- **What you have to do**
Scan the records beneath this line for the line holding "Q: Is the text underlined? A: Yes." and the line holding "Q: Is the spacing between lines", then transcribe exactly those two and all lines between.

[The data]

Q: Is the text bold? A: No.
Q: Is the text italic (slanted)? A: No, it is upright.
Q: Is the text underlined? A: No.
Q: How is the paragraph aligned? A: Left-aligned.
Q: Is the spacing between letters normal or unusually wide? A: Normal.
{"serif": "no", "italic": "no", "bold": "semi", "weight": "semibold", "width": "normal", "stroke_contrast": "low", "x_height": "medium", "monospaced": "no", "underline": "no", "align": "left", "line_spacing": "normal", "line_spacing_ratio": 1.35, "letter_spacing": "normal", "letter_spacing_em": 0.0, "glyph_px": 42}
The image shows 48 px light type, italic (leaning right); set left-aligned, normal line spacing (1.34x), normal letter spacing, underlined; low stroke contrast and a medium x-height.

[/The data]
[The data]

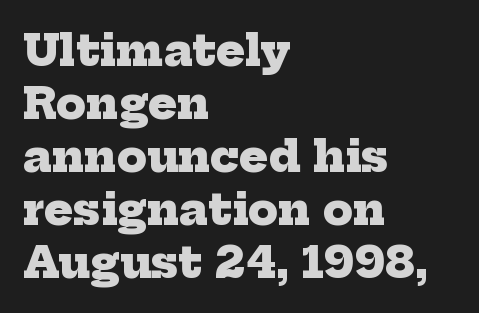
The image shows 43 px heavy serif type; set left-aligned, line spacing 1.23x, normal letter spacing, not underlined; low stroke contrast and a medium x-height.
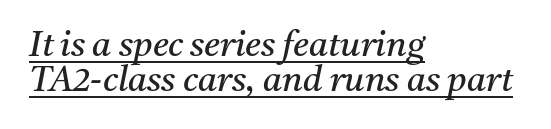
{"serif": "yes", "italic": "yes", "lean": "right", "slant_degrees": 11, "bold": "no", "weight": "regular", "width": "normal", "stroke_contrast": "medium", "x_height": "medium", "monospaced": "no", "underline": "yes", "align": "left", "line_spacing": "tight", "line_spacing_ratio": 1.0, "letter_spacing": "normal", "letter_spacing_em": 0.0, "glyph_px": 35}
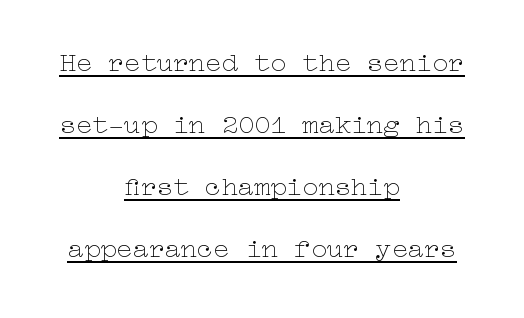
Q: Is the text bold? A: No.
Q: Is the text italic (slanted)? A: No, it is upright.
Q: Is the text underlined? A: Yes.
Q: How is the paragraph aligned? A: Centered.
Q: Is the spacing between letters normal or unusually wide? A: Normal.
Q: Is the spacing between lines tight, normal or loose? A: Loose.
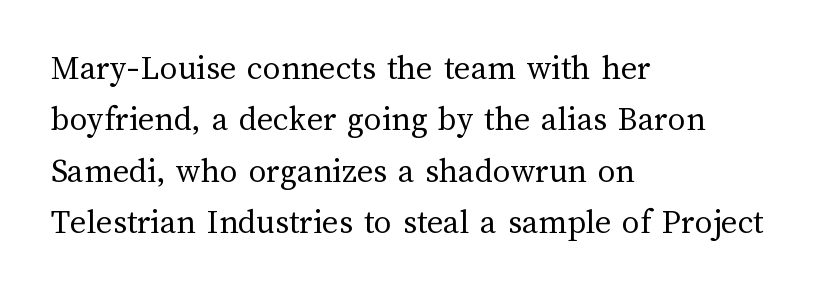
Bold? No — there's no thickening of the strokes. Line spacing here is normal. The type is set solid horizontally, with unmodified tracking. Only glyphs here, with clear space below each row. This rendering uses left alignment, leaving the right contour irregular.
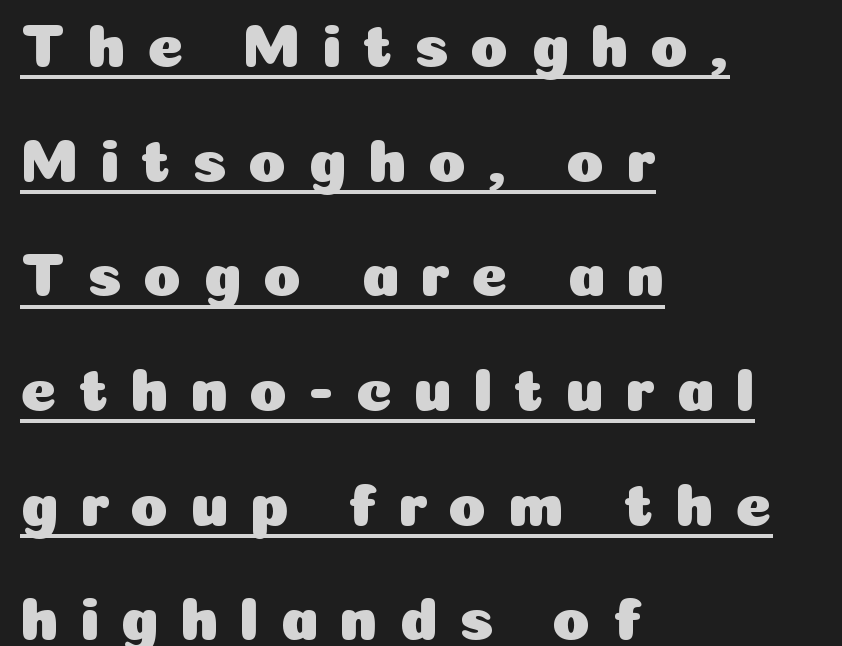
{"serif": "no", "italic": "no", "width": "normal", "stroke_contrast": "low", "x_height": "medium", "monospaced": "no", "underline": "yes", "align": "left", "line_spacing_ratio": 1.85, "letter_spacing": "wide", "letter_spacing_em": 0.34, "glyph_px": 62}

[/The data]

- **Written answer**
Q: Is the text underlined? A: Yes.
Q: How is the paragraph aligned? A: Centered.
Q: Is the spacing between letters normal or unusually wide? A: Normal.
Q: Is the spacing between lines tight, normal or loose? A: Loose.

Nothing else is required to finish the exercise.